- **TASK DESCRIPTION**
Exactly as written, please repeat the data that follows, but not the pictures.

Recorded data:
☆ ☆ ☆ ☆ ☆

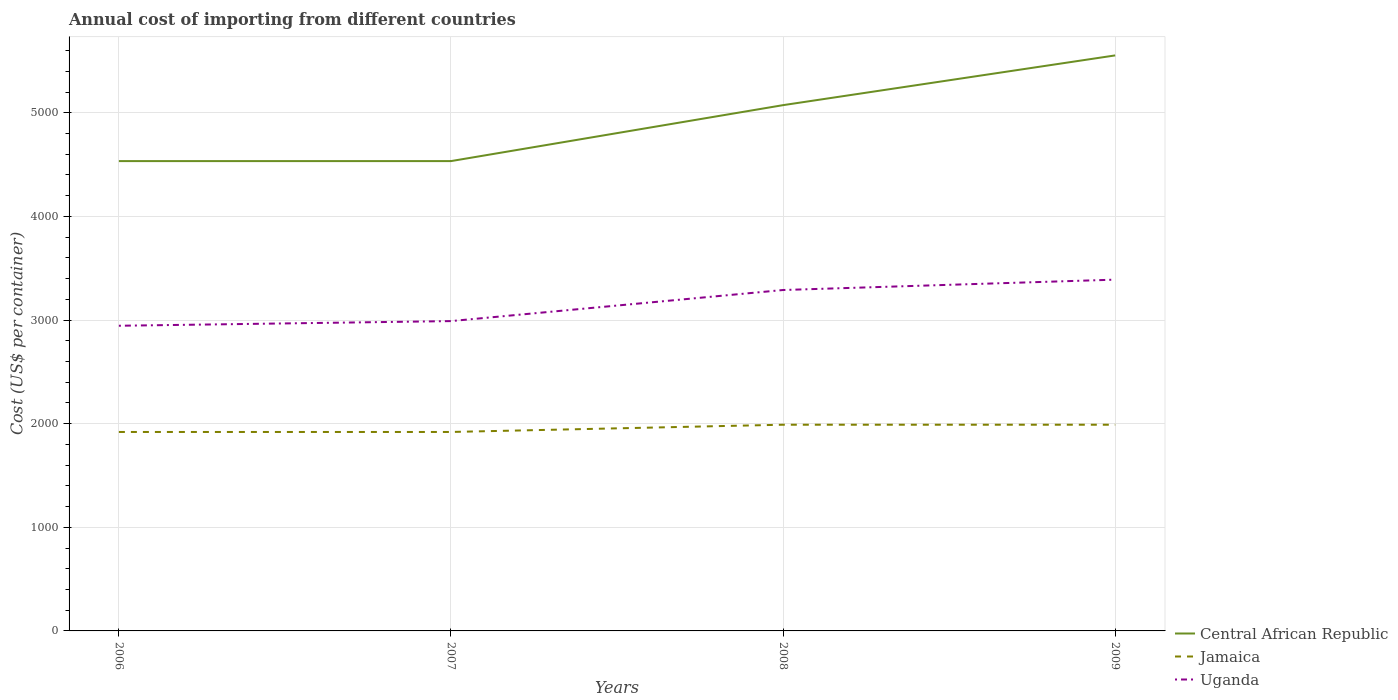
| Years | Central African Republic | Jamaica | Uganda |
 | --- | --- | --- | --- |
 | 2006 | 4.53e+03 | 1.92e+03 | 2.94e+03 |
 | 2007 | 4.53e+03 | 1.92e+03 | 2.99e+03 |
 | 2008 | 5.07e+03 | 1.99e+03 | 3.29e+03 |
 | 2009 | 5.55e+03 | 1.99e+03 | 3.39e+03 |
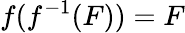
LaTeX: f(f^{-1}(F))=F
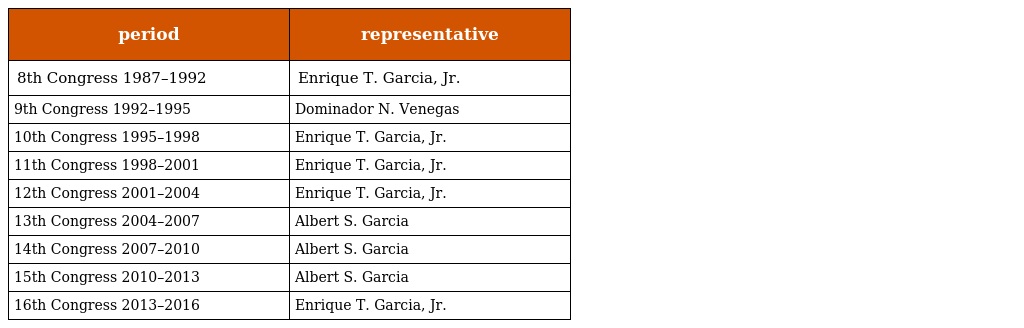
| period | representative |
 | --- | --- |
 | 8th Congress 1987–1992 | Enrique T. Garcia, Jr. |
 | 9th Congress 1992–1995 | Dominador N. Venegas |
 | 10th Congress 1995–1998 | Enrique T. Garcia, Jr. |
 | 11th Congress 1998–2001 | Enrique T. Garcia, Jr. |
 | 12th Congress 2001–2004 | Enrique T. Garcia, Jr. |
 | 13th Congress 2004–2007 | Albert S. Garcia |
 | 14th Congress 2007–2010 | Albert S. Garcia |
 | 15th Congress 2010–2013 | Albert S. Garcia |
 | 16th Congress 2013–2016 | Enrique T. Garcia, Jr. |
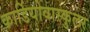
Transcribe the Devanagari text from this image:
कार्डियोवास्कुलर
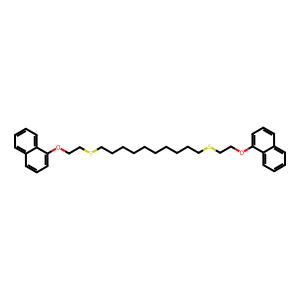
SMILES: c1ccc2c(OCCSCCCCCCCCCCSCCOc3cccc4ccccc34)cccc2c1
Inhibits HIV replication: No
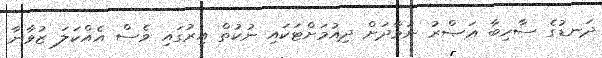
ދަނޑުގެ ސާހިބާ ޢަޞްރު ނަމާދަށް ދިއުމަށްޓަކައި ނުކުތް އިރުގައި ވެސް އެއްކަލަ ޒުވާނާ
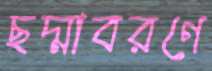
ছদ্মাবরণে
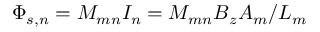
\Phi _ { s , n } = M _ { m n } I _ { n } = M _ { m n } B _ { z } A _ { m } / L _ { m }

☆ ☆ ☆ ☆ ☆

- **WRITTEN ANSWER**
| Years | Central African Republic | Jamaica | Uganda |
 | --- | --- | --- | --- |
 | 2006 | 4.53e+03 | 1.92e+03 | 2.94e+03 |
 | 2007 | 4.53e+03 | 1.92e+03 | 2.99e+03 |
 | 2008 | 5.07e+03 | 1.99e+03 | 3.29e+03 |
 | 2009 | 5.55e+03 | 1.99e+03 | 3.39e+03 |
LaTeX: f(f^{-1}(F))=F
| period | representative |
 | --- | --- |
 | 8th Congress 1987–1992 | Enrique T. Garcia, Jr. |
 | 9th Congress 1992–1995 | Dominador N. Venegas |
 | 10th Congress 1995–1998 | Enrique T. Garcia, Jr. |
 | 11th Congress 1998–2001 | Enrique T. Garcia, Jr. |
 | 12th Congress 2001–2004 | Enrique T. Garcia, Jr. |
 | 13th Congress 2004–2007 | Albert S. Garcia |
 | 14th Congress 2007–2010 | Albert S. Garcia |
 | 15th Congress 2010–2013 | Albert S. Garcia |
 | 16th Congress 2013–2016 | Enrique T. Garcia, Jr. |
Transcribe the Devanagari text from this image:
कार्डियोवास्कुलर
SMILES: c1ccc2c(OCCSCCCCCCCCCCSCCOc3cccc4ccccc34)cccc2c1
Inhibits HIV replication: No
ދަނޑުގެ ސާހިބާ ޢަޞްރު ނަމާދަށް ދިއުމަށްޓަކައި ނުކުތް އިރުގައި ވެސް އެއްކަލަ ޒުވާނާ
ছদ্মাবরণে
\Phi _ { s , n } = M _ { m n } I _ { n } = M _ { m n } B _ { z } A _ { m } / L _ { m }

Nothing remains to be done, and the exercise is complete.